══ LISTED ENTRIES ══

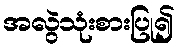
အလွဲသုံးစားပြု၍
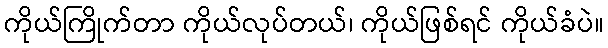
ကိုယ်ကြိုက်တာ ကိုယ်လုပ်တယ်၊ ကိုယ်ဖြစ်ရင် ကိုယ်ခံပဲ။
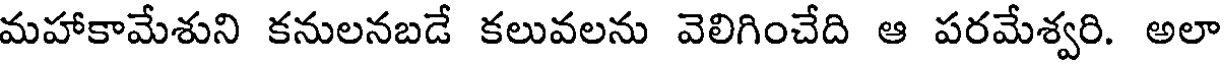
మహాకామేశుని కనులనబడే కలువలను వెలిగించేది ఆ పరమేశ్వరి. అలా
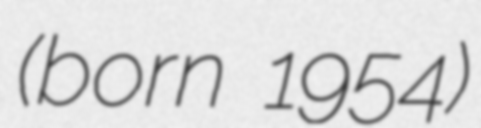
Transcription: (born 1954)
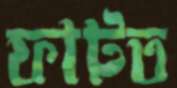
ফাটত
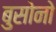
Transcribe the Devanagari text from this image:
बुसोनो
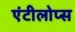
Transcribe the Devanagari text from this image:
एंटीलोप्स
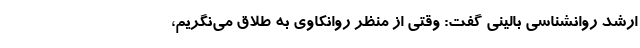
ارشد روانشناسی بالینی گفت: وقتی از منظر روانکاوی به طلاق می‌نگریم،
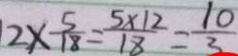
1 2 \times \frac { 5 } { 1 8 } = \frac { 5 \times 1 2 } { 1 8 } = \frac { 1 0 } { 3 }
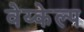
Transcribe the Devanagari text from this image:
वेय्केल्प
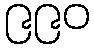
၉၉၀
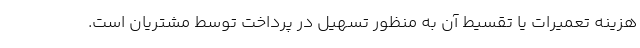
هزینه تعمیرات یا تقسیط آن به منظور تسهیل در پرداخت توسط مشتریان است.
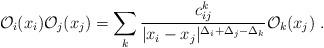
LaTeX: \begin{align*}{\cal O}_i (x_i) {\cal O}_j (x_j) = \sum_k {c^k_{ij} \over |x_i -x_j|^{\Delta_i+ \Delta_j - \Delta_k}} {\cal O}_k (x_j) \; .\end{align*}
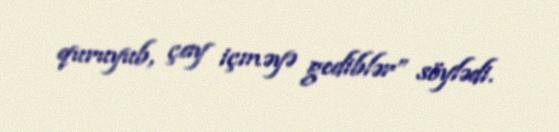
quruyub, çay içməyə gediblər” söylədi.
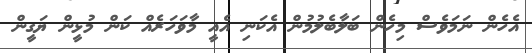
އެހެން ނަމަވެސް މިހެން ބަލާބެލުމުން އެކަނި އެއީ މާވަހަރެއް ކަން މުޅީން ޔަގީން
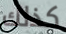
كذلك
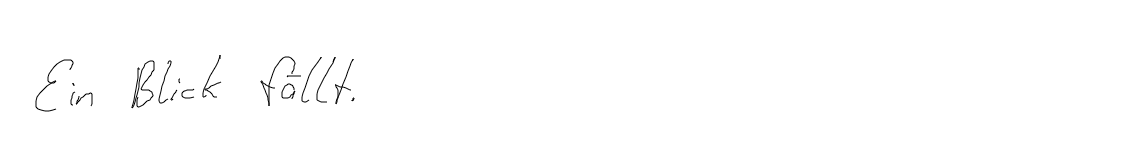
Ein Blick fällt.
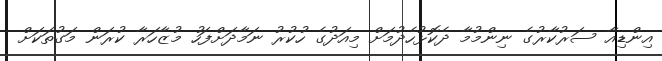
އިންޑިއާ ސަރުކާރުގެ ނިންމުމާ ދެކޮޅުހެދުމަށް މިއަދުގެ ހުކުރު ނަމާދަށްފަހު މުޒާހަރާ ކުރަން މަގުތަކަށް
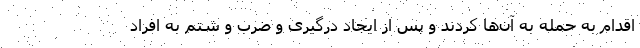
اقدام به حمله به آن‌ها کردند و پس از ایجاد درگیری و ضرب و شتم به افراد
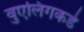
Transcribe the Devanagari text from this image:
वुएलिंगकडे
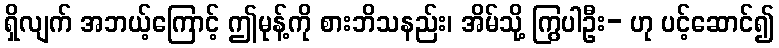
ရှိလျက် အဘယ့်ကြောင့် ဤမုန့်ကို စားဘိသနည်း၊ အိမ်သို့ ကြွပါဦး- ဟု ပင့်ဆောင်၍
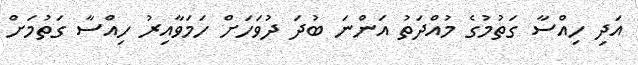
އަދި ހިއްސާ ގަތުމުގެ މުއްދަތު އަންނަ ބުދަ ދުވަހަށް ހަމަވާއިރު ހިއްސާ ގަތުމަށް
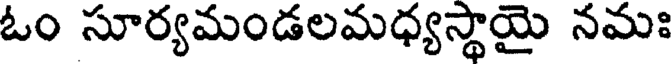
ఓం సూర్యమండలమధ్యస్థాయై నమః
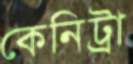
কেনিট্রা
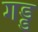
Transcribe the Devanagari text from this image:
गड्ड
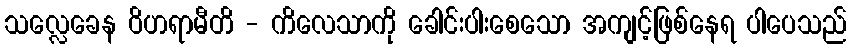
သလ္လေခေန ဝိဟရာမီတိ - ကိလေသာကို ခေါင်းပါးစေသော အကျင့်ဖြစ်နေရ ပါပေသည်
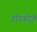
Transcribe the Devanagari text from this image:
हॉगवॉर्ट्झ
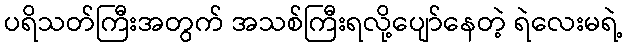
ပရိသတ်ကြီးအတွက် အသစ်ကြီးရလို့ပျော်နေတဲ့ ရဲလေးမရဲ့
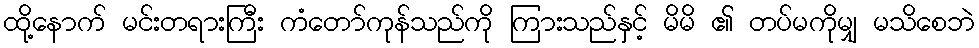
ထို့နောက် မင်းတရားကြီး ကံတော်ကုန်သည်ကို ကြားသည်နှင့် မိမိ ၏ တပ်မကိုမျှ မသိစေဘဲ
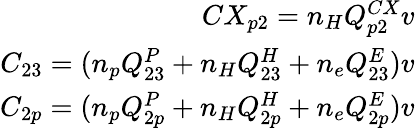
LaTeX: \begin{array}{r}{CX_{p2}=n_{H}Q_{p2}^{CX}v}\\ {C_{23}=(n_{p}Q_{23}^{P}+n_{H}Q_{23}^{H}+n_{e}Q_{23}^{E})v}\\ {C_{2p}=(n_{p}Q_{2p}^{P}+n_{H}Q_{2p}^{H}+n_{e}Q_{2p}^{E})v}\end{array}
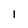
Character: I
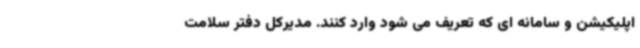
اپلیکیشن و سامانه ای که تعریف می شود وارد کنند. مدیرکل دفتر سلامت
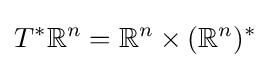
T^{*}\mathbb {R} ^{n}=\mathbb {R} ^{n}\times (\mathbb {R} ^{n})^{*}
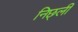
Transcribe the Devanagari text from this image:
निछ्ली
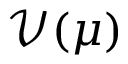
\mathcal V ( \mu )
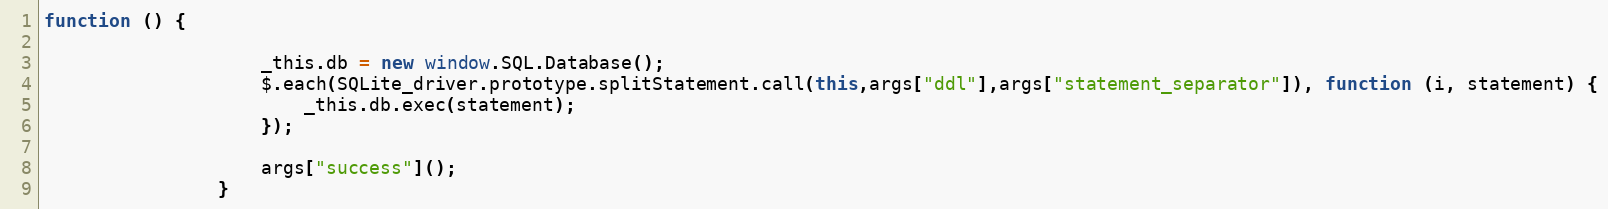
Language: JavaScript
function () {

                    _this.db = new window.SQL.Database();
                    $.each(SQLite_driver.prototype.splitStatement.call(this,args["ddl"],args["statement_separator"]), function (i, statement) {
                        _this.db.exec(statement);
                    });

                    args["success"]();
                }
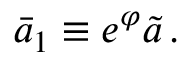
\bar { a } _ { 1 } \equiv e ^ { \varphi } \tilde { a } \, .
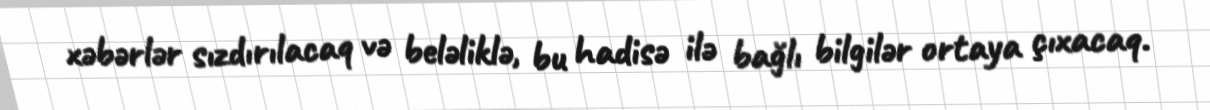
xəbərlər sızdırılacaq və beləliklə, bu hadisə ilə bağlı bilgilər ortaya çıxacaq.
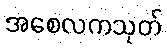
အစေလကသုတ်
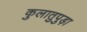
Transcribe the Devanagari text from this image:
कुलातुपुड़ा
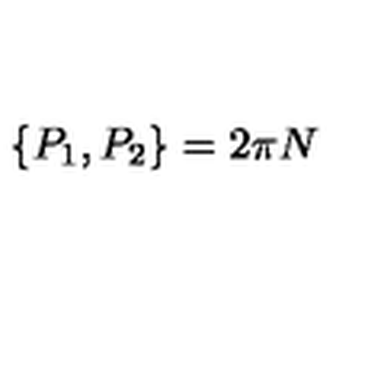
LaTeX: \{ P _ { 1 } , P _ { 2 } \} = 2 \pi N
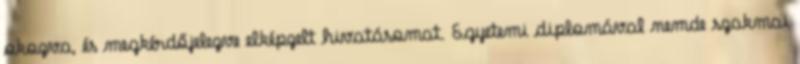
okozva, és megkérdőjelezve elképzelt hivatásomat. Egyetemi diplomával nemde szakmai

═══
══ LISTED ENTRIES ══

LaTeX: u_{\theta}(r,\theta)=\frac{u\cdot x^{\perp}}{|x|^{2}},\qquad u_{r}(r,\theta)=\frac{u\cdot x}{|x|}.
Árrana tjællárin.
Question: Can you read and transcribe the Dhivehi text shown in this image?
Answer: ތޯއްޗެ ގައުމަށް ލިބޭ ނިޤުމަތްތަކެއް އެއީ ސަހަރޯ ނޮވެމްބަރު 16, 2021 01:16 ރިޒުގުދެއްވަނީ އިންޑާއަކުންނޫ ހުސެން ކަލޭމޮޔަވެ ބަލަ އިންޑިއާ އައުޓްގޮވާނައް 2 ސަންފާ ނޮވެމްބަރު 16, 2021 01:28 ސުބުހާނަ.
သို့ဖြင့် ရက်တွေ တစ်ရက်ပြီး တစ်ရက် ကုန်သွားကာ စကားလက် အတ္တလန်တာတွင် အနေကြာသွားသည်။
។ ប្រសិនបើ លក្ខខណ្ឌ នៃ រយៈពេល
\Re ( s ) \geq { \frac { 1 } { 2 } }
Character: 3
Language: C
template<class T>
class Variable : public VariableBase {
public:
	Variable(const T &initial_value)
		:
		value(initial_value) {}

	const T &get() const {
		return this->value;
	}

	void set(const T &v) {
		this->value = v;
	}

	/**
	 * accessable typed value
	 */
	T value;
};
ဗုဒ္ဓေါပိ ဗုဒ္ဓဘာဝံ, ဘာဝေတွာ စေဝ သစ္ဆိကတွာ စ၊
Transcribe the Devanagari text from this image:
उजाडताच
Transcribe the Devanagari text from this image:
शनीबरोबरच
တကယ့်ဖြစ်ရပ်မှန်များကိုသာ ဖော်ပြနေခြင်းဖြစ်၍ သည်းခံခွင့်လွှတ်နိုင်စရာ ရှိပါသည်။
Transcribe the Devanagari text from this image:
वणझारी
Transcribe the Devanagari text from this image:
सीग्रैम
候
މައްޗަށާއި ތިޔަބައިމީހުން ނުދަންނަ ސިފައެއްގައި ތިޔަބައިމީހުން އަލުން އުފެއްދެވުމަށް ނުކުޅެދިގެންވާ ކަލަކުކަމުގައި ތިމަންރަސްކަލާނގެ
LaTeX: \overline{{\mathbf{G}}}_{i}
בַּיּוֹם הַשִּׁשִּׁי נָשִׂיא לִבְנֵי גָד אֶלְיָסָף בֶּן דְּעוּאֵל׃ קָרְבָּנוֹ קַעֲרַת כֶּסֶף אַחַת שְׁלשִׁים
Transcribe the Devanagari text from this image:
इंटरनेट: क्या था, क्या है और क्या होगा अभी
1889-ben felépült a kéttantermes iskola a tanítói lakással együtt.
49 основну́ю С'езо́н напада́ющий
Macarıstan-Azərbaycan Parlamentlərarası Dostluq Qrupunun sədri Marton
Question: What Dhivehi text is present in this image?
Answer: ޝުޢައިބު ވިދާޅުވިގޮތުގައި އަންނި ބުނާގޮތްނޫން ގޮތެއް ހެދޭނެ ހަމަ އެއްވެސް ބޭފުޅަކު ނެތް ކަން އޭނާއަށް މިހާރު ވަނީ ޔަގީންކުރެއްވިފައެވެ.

═══

**INSTRUCTIONS FOR THE TASK**
Please copy each line of the entries in which the word "Dhivehi" shows up.

**RESULT FOR THIS TASK**
Question: Can you read and transcribe the Dhivehi text shown in this image?
Question: What Dhivehi text is present in this image?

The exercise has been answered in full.